Nach der Injektion der Brustkrebszelllinien wurden die Mäuse alle zwei Wochen einer Biolumineszenzmessung unterzogen, um die Kinetik des Tumorwachstums zu bestimmen. Die Kinetik des Tumorwachstums war in den MDA-MB-231-Zelllinien schneller als in den weniger aggressiven Zelllinien MCF-7 und MDA-MB-468. Die Lumineszenzaktivität wurde für drei Zelllinien quantifiziert.
Sechs Wochen nach der Injektion wurde festgestellt, dass die geernteten Tumore die GFP-Expression aufrechterhielten.
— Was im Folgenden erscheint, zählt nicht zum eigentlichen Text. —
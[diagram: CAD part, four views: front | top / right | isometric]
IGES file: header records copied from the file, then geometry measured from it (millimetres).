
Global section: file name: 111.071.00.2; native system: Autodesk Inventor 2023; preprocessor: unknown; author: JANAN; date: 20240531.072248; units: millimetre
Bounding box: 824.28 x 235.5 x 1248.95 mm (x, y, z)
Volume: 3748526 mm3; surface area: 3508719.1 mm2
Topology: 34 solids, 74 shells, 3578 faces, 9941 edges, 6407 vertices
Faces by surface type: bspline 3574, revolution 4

Außerdem wurden positive Biolumineszenzwerte aus der Lunge der gesamten Maus in Echtzeit erhalten. Die Lunge wurde geerntet, um positive metastatische Kolonien zu überprüfen, und die metastatischen Kolonien wurden auf GFP und Biolumineszenz beobachtet.
Es ist wichtiger, bei der Durchführung des Injektionsverfahrens vorsichtig zu sein. Eine unsachgemäße Injektion kann zu einer Abweichung der Tumorwachstumsrate oder zum Fehlen eines Tumors führen. Wir können die Lungenmetastasierung in vivo und ex vivo untersuchen, indem wir die GFP-Expression nachweisen.
Darüber hinaus können wir auch die Histopathologie der Lunge durch immunhistochemische Färbung untersuchen. Diese Technik kann nützlich sein, um die neuen Fragen zu untersuchen, z. B. die Wirkung von Arzneimittelwirksamkeitsstudien.